ECLI: ECLI:NL:TACAKN:2013:46
Datum uitspraak: 30-09-2013
Datum publicatie: 01-10-2013
Zaaknummer(s): 12/2449 Wtra AK
Onderwerp:
Beslissingen: Klacht gegrond met tijdelijke doorhaling
Inhoudsindicatie: Kwaliteit als onvoldoende getoetst; geen waarnemingsovereenkomst. Tijdelijke doorhaling.

ACCOUNTANTSKAMER

BESLISSING ex artikel 38 Wet tuchtrechtspraak accountants (Wtra) in de zaak met nummer 12/2449 Wtra AK van 30 september 2013   van

de voorzitter van de NEDERLANDSE BEROEPSVERENIGING van ACCOUNTANTS (Nba), als rechtsopvolger van de NEDERLANDSE ORDE van ACCOUNTANTS-ADMINISTRATIECONSULENTEN (NOvAA),

kantoorhoudende te Amsterdam,

K L A G E R ,

raadsvrouwen: mr. M.L. Batting en mr. R.L. Herregodts.        

t e g e n

Y ,

accountant-administratieconsulent,

kantoorhoudende te [plaats],

B E T R O K K E N E .

1. Het verloop van de procedure

1.1 De Accountantskamer heeft kennisgenomen van het op 21 november 2012 ingekomen klaagschrift van 20 november 2012 met bijlagen. Van betrokkene is geen verweerschrift ontvangen.

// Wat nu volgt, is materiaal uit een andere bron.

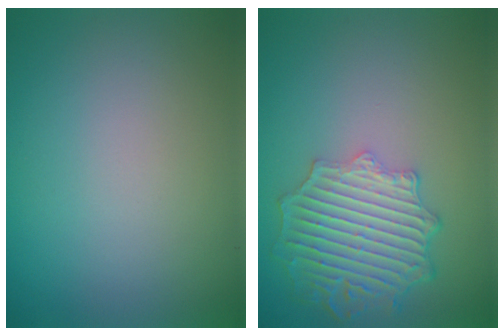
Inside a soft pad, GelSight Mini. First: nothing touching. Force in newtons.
{"total": 6.3, "press": 5.1, "slide": 3.7}

1.2 De Accountantskamer heeft de klacht behandeld ter openbare zitting van 1 februari 2013 waar zijn verschenen namens klager diens raadsvrouw mr. R.L. Herregodts, advocaat te ’s-Gravenhage, vergezeld van de heer H. Geerlofs AA, adviseur van zowel de Raad van Toezicht Beroepsuitoefening AA’s als van (voorheen) de NOvAA, en betrokkene in persoon.

1.3 Klager en betrokkene hebben bij gelegenheid van genoemde zitting hun standpunten doen toelichten respectievelijk toegelicht en doen antwoorden respectievelijk geantwoord op vragen van de Accountantskamer.

2. De vaststaande feiten

Op grond van de inhoud van de gedingstukken en aan de hand van het verhandelde ter zitting stelt de Accountantskamer het volgende vast.

2.1 Betrokkene was ingeschreven in het accountantsregister van de NOvAA en is met toepassing van artikel 72 van de Wet op het accountantsberoep thans ingeschreven in het accountantsregister van de Nba en werkzaam als openbaar accountant-administratieconsulent voor accountantskantoor A en Y te [plaats].  

2.2 Op 27 november 2007 is de accountantspraktijk van betrokkene in het kader van de ten tijde van de toetsing geldende Verordening op de periodieke preventieve toetsing (hierna: VPPT) voor het eerst getoetst. Bij brief van 18 december 2007 heeft de Raad van Toezicht Beroepsuitoefening AA’s (hierna: de Raad) het toetsingsverslag van deze toetsing aan betrokkene gezonden. Bij brief van 25 januari 2008 heeft de Raad betrokkene medegedeeld alvorens tot het eindoordeel te komen aanleiding te zien betrokkene in de gelegenheid te stellen hem binnen een termijn van drie maanden een planmatig overzicht te doen toekomen met daarin opgenomen de wijze waarop betrokkene de bevindingen van de toetsers zou gaan doorvoeren binnen zijn praktijk. Het overzicht diende voorzien te zijn van een concreet tijdpad en een concrete invulling van de PE-verplichting voor 2008 en de jaren daarna. Ten overvloede heeft de Raad aanbevolen de waarneming van de praktijk, hetgeen nog niet verplicht was, te formaliseren.  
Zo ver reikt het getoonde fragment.